Projecting Ends of Culvert Design

A projecting end is a treatment where the culvert is allowed to protrude out of the embankment (see Figure 3-4). The primary advantage of this type of end treatment is that it is the simplest and most economical of all treatments. Projecting ends also provide excellent strength characteristics because the pipe consists of a complete ring structure out to the culvert end.
Projecting ends have several disadvantages. For metal, the thin wall thickness does not provide flow transition into or out of the culvert, significantly increasing head losses (the opposite is true for concrete; the thicker wall provides a more efficient transition). From an aesthetic standpoint, projecting ends may not be desirable in areas exposed to public view. They should be used only when the culvert is located in the bottom of a ravine or in rural areas.
Modern safety considerations require that no projecting ends be allowed in the designated clear zone. (See WSDOT’s Design Manual for details on the clear zone and for methods that allow a projecting end to be used close to the traveled roadway.)

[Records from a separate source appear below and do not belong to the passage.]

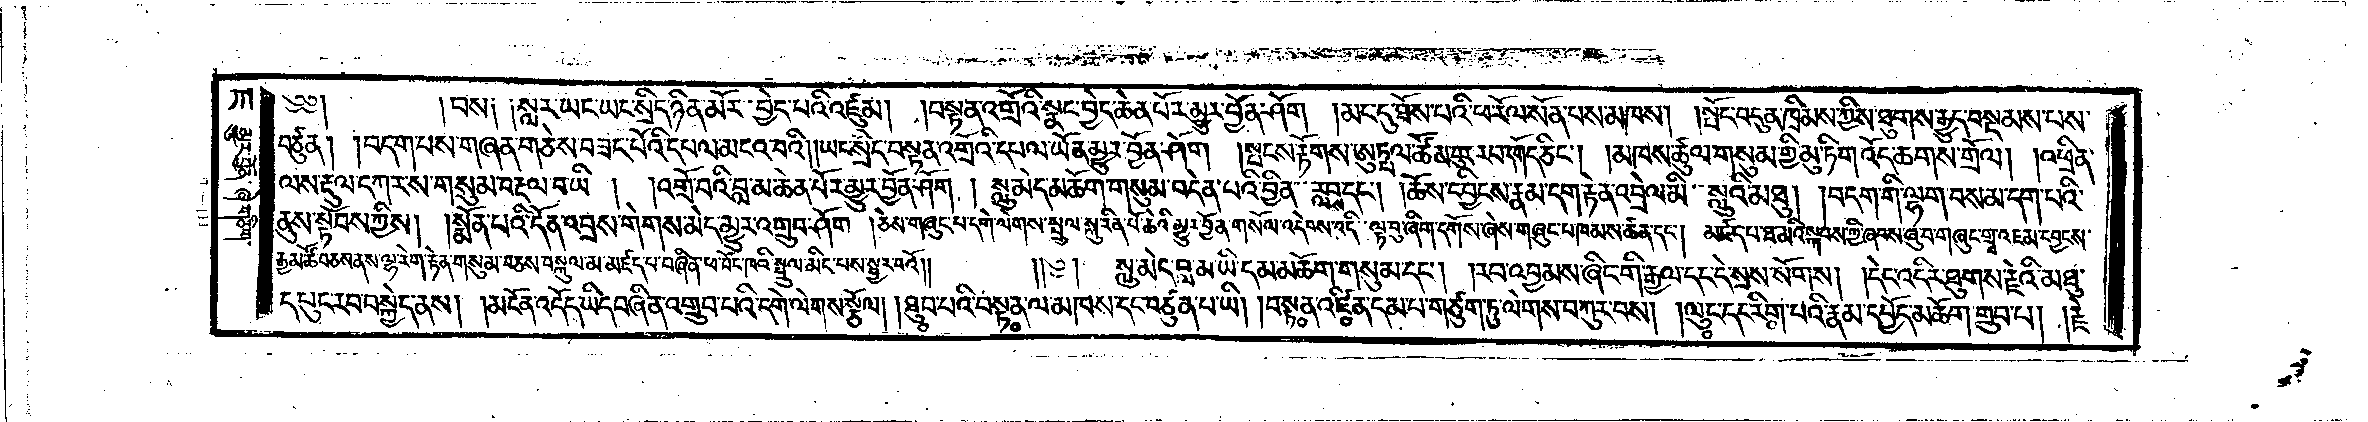༄༅། །བས༑ ༑སླར་ཡང་མང་སྲིད་ཉིན་མོར་བྱེད་པའི་འཛུམ། །བསྟན་འགྲོའི་སྣང་བྱེད་ཆེན་པོར་མྱུར་བྱོན་ཤོག །མང་དུ་ཐོས་པའི་ཕ་རོལ་སོན་བས་མཁས། །སྤོང་བདུན་ཁྲིམས་ཀྱིས་ཐུགས་རྒྱུད་བསྔམས་པས་
བཙུན། །བདག་པས་གཞན་གཅེས་བཟང་པོའི་དཔལ་མངའ་བའི། །ཡང་སྲིད་བསྟན་འགྲོའི་དཔལ་ཡོན་མྱུར་བྱོན་ཤོག །སྤངས་རྟོགས་ཨུཏྤལ་ཚོམ་བུར་རབ་དགོད་ཅིང་། །མཁས་ཚུལ་གསུམ་གྱི་མུ་ཏིག་འོད་ཆགས་གྲོལ། །འཕྲིན་
ལས་རྡུལ་དཀར་ས་གསུམ་བརྡལ་བ་ཡི། །འགྲོ་བའི་བླ་མ་ཆེན་པོར་མྱུར་བྱོན་ཤོག །སླུ་མེད་མཆོག་གསུམ་བདེན་པའི་བྱིན་རླབས་དང་། །ཆོས་དབྱིངས་རྣམ་དག་རྟེན་འབྲེལ་མི་བསླུའི་མཐུ། །བདག་གི་ལྷག་བསམ་དག་པའི་
ནུས་སྟོབས་ཀྱིས། །སྨོན་པའི་དོན་འབྲས་གེགས་མེད་མྱུར་འགྲུབ་ཤོག །ཅེས་གཞུང་པ་དགེ་ལེགས་སྤྲུལ་སྐུ་རིན་པོ་ཆེའི་མྱུར་བྱོན་གསོལ་འདེབས་འདི་ལྟ་བུ་ཞིག་དགོས་ཞེས་གཞུང་པ་ཁམས་ཚན་དང་། མཛད་པ་ཐ་མའི་སྐབས་ཀྱི་ཞབས་ཞུ་བ་གཞུང་གྲྭ་འཇམ་དབྱངས་
རྒྱ་མཚོ་བཅས་ནས་ལྷ་རེག་རྟེན་གསུམ་བཅས་བསྐུལ་མ་མཛད་པ་བཞིན་ཕ་བོང་ཁའི་སྤྲུལ་མིང་པས་སྦྱར་བའོ།། །། །སླུ་མེད་བླ་མ་ཡི་དམ་མཆོག་གསུམ་དང་། །རབ་འབྱམས་ཞིང་གི་རྒྱལ་དང་དེ་སྲས་སོགས། །དེང་འདིར་ཐུགས་རྗེའི་མཐུ་
དཔུང་རབ་བསྐྱེད་ནས། །མངོན་འདོད་ཡིད་བཞིན་འགྲུབ་པའི་དགེ་ལེགས་སྩོལ། །ཐུབ྾་པའི་བསྟན྾་ལ་མཁས་དང་བཙུན་པ་ཡི། །བསྟན྾་འཛིན྾་དམ་པ་གཙུག་ཏུ་ལེགས་བཀུར་བས། །ལུང྾་དང་རིགས྾་པའི་རྣམ་དཔྱོད་མཆོག་གྲུབ་པ། །རྗེ་

Metal culverts exceeding 6 feet in diameter but less than 10 feet in diameter, and all thermoplastic culverts, must be installed with a beveled end and a concrete headwall or slope collar as described in Sections 3-4.2 and 3-4.4. Concrete pipe will not experience buoyancy problems and can be projected in any diameter. However, because concrete pipe is fabricated in relatively short 6- to 12-foot sections, the sections are susceptible to erosion and corresponding separation at the first joint from the end.